-- Entries supplied follows --
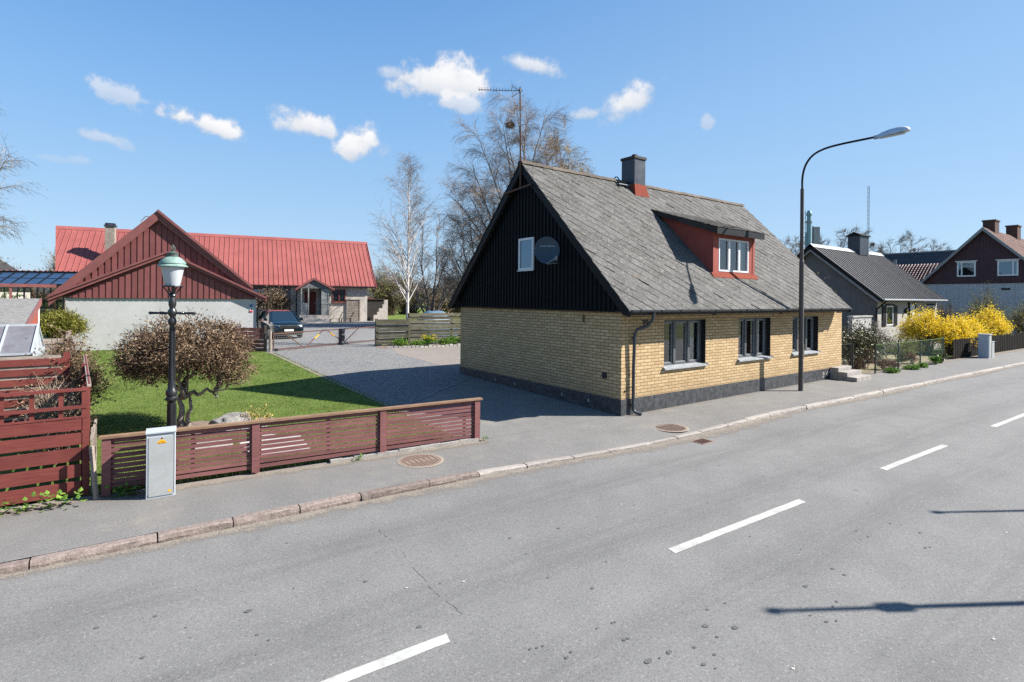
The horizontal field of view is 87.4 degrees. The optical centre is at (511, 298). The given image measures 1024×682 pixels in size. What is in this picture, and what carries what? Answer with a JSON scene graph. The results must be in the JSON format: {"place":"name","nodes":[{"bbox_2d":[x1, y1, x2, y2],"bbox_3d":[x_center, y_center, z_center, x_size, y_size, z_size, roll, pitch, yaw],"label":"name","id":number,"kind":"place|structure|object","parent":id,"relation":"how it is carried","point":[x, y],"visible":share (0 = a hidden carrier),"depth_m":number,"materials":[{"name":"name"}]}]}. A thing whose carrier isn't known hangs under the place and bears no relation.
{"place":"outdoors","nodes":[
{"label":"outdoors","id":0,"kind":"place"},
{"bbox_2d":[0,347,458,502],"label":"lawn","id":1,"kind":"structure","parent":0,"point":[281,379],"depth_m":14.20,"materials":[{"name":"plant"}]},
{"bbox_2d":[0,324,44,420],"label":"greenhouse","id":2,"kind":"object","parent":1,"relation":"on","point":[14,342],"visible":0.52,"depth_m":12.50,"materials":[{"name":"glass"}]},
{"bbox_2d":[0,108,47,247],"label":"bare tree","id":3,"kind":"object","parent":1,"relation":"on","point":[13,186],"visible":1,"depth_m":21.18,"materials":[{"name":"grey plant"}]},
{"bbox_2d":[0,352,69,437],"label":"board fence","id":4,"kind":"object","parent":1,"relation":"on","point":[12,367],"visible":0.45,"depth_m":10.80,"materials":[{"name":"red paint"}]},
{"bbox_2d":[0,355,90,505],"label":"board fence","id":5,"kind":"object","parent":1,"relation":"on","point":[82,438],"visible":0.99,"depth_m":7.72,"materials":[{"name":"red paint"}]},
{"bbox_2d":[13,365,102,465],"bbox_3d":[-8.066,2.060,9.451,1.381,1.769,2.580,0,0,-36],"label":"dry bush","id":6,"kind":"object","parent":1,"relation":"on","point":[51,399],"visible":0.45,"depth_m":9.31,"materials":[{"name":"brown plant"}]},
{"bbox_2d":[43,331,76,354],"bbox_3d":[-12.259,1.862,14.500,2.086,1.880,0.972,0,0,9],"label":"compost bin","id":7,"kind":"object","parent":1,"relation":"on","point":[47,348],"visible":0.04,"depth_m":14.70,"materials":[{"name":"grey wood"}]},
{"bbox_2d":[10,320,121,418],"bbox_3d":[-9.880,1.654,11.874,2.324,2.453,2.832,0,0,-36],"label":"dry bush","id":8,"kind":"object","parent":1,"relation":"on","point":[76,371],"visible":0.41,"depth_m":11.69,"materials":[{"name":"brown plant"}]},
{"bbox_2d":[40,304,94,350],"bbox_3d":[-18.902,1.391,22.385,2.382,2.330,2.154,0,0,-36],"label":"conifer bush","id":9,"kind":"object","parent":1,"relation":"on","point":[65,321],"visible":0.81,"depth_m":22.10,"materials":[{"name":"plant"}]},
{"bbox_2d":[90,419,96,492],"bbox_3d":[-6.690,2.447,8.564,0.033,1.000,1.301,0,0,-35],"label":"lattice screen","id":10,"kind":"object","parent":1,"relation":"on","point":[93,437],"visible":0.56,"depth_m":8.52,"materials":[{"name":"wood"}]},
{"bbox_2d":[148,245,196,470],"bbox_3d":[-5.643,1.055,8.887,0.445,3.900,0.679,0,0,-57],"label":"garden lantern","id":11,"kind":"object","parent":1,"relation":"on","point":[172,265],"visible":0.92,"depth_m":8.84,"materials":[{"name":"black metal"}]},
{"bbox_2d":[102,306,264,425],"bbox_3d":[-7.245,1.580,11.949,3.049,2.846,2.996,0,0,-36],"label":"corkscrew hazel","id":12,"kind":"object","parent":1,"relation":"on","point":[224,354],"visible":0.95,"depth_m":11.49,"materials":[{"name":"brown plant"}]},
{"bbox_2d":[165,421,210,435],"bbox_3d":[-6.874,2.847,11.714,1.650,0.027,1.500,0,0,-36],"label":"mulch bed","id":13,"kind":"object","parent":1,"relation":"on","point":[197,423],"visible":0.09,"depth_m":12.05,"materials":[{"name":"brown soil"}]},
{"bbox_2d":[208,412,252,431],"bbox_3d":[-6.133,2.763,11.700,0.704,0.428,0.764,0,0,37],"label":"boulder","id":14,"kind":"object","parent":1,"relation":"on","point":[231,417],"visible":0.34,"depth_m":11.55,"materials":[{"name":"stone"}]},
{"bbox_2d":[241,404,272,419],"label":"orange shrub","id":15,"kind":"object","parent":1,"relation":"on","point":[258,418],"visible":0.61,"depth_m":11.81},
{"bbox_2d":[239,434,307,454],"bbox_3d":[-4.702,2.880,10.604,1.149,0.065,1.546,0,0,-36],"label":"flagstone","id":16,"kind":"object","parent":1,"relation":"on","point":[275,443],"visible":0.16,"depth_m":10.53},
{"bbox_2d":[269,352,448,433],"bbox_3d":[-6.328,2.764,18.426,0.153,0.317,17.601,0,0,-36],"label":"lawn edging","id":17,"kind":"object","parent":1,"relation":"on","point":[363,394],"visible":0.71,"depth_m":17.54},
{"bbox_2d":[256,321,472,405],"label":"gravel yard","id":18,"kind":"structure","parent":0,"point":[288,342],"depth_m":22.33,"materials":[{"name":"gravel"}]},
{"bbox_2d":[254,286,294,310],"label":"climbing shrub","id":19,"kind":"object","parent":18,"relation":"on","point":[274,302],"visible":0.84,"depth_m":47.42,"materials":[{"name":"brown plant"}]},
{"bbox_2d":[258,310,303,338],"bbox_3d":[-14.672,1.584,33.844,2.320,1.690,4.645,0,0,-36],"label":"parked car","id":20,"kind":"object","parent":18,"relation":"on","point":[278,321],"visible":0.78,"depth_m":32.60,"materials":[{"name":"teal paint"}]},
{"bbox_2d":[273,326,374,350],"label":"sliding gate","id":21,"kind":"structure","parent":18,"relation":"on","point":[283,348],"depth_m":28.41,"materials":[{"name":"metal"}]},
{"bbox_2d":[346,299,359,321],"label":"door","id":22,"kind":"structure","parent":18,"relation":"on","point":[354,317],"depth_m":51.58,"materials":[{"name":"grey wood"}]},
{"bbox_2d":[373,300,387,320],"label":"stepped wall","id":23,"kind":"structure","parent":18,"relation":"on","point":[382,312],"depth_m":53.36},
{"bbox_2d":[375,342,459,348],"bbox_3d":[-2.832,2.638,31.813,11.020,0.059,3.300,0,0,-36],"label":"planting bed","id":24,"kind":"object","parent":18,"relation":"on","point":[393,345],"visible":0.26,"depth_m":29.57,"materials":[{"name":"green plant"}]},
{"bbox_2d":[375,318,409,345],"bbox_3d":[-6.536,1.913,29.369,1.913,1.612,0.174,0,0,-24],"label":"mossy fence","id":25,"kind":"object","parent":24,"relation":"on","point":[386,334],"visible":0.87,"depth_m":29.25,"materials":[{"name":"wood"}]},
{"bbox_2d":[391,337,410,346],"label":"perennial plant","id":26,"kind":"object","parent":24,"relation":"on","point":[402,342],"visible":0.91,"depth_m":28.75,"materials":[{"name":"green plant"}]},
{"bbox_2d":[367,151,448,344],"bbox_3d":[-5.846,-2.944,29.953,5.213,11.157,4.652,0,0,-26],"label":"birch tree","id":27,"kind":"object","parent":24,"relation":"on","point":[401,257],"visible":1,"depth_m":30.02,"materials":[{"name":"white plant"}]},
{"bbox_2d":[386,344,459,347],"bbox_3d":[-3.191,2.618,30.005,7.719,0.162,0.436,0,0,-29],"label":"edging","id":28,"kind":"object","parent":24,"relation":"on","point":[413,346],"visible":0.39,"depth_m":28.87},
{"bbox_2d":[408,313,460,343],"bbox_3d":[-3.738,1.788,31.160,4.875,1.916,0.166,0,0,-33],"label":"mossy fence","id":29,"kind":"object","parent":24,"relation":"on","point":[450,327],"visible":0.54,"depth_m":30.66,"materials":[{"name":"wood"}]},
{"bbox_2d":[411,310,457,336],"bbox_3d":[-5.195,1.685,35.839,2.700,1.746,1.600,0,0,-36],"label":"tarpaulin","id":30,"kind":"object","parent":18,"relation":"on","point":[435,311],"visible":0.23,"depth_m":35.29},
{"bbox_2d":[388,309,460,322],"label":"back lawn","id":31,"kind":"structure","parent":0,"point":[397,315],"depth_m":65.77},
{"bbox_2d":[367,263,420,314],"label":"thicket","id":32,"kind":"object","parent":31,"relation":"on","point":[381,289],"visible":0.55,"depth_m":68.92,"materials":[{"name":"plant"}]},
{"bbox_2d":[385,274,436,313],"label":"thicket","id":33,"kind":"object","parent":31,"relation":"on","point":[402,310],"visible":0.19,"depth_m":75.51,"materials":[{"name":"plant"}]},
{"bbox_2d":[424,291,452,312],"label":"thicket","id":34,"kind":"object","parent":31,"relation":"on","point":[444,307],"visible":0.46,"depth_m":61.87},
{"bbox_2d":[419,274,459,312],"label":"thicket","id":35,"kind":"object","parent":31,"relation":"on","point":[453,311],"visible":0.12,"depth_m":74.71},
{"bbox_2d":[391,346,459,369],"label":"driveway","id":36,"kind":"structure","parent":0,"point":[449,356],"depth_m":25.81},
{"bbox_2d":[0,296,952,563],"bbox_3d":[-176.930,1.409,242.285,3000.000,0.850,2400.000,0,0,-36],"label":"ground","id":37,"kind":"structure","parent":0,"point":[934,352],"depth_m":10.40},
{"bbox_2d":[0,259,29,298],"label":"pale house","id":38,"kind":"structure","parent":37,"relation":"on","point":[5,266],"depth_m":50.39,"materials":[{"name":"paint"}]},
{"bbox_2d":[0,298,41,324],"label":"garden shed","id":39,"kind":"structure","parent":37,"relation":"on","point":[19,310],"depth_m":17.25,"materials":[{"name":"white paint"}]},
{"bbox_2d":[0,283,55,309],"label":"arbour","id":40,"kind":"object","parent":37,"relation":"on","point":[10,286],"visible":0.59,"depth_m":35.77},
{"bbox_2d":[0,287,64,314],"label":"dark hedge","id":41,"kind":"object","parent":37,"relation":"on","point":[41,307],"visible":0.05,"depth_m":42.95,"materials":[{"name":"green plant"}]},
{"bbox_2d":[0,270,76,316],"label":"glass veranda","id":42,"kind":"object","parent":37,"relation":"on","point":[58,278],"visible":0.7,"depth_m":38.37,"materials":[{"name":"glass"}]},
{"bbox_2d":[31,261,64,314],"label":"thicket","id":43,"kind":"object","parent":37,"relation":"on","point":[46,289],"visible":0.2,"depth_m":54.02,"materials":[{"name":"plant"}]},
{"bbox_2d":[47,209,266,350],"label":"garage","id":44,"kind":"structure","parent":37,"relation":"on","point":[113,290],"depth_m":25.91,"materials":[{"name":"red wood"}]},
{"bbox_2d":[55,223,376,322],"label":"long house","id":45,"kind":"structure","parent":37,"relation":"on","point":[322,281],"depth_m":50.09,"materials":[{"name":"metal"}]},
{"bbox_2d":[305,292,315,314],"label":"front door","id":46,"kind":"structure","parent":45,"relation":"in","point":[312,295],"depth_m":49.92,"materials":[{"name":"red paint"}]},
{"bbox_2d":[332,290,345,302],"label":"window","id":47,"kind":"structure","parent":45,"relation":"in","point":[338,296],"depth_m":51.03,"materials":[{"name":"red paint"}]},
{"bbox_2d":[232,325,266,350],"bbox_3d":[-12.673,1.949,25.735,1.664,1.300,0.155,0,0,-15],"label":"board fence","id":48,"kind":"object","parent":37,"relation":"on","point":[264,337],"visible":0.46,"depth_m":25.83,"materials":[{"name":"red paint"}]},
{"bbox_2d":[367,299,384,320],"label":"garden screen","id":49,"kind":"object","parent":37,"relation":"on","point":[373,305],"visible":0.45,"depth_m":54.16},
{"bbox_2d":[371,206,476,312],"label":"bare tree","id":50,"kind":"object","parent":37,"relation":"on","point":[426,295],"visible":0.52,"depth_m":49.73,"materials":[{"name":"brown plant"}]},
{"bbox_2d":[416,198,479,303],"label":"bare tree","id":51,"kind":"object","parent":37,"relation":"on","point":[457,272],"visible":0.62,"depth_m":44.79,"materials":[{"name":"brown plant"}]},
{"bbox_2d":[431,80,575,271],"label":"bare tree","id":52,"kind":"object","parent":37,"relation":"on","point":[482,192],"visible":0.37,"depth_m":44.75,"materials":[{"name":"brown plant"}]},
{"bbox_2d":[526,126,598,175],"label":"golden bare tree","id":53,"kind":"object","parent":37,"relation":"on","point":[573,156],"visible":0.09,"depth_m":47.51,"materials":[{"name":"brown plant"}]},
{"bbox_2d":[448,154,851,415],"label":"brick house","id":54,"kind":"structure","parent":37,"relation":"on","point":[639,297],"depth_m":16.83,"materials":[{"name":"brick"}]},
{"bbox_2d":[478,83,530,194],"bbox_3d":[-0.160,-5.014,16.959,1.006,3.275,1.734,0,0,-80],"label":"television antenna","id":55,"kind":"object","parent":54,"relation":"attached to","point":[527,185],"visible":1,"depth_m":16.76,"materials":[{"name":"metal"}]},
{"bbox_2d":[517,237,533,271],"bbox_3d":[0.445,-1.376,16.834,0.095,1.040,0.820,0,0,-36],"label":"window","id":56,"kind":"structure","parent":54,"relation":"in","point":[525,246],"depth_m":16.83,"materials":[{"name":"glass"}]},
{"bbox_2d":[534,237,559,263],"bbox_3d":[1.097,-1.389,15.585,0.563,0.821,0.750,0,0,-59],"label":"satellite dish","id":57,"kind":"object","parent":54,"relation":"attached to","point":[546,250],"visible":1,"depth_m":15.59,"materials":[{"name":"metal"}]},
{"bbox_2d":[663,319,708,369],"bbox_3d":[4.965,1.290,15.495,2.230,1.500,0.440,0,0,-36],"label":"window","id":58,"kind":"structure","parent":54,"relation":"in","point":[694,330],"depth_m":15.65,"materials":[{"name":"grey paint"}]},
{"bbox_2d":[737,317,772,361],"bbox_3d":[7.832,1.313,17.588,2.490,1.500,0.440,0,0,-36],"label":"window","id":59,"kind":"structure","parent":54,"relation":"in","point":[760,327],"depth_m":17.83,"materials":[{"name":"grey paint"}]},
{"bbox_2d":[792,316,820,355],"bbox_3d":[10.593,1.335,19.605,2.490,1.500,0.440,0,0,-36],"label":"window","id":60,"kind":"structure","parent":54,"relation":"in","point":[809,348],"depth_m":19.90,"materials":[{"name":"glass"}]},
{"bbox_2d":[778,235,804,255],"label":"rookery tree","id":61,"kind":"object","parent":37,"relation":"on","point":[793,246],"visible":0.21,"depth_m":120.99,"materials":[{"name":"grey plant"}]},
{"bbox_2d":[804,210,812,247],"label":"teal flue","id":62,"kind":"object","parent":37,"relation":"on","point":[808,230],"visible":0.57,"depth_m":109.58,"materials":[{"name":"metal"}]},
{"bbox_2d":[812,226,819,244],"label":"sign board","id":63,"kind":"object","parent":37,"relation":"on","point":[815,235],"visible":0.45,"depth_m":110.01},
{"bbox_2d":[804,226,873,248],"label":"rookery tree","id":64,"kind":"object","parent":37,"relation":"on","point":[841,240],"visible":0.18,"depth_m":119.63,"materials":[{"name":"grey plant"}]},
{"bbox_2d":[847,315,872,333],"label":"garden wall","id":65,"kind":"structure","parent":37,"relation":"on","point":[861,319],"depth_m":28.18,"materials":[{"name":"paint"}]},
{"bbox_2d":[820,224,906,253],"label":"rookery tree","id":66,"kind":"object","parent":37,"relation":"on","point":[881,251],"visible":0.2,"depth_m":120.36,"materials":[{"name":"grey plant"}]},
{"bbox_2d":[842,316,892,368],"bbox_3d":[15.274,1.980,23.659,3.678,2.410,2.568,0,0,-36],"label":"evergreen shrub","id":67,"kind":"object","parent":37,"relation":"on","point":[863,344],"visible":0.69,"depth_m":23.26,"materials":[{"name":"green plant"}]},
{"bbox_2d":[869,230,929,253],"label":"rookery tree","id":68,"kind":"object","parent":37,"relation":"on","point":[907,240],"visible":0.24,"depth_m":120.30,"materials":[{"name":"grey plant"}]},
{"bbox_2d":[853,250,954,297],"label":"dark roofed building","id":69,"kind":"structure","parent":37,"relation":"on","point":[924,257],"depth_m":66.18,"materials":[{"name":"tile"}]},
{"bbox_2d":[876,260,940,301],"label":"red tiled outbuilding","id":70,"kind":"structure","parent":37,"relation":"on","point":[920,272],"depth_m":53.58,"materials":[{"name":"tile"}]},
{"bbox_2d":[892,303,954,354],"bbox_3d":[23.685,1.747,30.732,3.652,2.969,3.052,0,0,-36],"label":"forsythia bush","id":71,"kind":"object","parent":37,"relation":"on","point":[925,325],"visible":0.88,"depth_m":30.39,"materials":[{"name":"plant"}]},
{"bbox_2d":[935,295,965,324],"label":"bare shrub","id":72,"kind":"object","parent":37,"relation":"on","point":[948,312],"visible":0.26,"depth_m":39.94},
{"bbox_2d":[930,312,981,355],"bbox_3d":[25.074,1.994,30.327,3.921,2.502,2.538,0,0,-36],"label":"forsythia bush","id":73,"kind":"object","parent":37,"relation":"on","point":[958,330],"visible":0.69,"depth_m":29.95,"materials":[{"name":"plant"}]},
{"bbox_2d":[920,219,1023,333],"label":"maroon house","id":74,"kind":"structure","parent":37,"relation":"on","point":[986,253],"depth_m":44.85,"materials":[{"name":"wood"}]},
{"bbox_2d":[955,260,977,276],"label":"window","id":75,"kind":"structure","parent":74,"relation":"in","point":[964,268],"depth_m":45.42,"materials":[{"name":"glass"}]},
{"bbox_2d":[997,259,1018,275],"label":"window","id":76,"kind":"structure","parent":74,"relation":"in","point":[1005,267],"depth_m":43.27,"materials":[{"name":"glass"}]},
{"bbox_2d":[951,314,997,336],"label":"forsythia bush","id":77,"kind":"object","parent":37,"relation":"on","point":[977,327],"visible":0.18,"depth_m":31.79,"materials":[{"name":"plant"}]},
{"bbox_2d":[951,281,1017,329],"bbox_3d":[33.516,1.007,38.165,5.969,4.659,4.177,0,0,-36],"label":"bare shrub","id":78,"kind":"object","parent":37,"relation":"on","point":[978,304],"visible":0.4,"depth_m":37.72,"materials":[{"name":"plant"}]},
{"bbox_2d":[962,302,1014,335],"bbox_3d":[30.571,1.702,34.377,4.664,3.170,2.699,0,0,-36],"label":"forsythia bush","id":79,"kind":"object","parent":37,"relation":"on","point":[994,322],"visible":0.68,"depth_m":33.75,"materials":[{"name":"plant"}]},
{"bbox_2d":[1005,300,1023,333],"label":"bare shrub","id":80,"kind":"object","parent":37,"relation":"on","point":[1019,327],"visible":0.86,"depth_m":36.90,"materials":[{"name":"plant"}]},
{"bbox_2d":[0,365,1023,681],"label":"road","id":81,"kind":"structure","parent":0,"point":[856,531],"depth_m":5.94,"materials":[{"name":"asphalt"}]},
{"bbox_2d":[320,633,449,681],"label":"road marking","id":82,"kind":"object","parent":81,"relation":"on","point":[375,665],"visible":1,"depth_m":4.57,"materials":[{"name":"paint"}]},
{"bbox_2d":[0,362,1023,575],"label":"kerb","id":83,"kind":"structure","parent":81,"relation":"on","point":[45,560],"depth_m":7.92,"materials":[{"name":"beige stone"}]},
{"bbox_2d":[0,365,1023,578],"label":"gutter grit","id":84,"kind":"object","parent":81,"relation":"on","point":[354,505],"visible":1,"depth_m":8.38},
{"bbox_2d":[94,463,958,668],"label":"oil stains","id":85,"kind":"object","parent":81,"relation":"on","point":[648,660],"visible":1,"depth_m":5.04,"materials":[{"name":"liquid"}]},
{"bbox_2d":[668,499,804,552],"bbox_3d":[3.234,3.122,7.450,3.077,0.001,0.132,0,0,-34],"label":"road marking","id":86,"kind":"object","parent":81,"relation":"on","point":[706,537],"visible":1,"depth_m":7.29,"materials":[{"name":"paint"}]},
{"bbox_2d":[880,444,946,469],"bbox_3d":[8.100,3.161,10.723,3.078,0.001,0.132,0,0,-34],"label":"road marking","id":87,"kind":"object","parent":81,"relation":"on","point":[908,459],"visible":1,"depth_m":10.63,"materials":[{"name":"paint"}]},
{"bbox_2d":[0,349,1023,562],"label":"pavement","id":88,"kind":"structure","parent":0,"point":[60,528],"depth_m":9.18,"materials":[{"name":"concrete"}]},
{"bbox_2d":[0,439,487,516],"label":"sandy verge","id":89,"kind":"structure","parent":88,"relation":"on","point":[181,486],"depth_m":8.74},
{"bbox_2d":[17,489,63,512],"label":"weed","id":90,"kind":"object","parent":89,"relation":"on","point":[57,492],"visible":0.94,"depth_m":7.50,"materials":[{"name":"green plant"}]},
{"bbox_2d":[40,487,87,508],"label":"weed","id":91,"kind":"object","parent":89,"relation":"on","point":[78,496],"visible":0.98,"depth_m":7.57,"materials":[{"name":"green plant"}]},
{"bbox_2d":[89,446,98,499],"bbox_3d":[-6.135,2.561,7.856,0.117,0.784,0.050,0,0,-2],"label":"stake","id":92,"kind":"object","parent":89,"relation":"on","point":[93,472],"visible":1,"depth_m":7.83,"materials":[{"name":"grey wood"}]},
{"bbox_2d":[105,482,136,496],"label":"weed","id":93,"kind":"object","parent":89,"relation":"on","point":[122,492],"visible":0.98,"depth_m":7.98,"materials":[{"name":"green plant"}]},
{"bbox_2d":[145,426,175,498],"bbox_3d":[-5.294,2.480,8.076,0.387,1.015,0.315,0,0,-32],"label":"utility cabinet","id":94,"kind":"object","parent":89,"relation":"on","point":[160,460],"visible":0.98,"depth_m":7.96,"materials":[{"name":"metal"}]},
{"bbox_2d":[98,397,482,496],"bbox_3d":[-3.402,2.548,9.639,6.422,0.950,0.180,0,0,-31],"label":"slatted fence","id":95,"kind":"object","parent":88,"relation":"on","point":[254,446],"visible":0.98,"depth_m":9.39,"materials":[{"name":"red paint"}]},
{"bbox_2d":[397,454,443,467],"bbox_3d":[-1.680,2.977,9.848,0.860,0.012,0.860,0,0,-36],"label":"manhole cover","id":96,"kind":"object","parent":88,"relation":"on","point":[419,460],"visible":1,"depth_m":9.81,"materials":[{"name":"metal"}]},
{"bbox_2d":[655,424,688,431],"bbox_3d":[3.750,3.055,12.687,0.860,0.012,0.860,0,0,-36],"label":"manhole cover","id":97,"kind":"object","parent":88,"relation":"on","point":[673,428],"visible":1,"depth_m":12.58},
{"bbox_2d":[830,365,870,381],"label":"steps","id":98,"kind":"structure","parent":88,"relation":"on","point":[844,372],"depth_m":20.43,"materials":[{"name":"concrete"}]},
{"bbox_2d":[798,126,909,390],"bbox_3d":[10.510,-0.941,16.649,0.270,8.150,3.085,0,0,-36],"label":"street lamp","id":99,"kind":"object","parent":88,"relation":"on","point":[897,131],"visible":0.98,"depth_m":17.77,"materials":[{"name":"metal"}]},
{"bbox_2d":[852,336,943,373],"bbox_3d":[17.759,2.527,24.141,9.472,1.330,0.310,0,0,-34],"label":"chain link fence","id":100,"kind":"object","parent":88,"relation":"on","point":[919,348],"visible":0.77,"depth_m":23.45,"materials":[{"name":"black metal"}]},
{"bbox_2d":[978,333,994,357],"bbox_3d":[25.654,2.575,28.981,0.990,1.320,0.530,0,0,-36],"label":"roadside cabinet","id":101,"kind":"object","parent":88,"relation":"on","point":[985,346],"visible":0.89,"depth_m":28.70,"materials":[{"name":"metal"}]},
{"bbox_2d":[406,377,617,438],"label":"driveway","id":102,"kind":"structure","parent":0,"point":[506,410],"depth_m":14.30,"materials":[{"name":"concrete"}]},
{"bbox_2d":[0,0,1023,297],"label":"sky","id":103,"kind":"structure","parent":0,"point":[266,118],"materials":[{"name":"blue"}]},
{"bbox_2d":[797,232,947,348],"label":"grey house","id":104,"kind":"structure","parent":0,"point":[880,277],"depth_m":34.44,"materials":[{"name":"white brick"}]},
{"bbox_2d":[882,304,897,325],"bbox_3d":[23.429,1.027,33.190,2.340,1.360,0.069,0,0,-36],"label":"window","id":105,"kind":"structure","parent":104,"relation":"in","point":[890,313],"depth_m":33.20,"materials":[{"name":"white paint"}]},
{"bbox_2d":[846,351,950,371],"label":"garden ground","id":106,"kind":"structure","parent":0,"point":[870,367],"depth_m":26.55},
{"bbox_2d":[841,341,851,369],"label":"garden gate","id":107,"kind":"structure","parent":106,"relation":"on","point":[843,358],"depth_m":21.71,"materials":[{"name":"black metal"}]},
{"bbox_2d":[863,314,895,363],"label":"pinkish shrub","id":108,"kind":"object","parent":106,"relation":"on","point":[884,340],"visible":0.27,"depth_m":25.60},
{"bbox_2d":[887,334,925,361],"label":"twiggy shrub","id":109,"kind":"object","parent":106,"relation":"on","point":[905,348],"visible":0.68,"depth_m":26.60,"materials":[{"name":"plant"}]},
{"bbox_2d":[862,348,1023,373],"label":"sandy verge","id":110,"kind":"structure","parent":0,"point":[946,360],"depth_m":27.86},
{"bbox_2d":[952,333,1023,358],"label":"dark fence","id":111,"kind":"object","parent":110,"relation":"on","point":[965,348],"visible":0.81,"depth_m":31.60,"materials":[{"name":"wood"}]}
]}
-- Entries supplied concluded --
*What is expected:* Lines in the material above that include the string "mossy" should be listed.

*Task solution:*
{"bbox_2d":[375,318,409,345],"bbox_3d":[-6.536,1.913,29.369,1.913,1.612,0.174,0,0,-24],"label":"mossy fence","id":25,"kind":"object","parent":24,"relation":"on","point":[386,334],"visible":0.87,"depth_m":29.25,"materials":[{"name":"wood"}]},
{"bbox_2d":[408,313,460,343],"bbox_3d":[-3.738,1.788,31.160,4.875,1.916,0.166,0,0,-33],"label":"mossy fence","id":29,"kind":"object","parent":24,"relation":"on","point":[450,327],"visible":0.54,"depth_m":30.66,"materials":[{"name":"wood"}]},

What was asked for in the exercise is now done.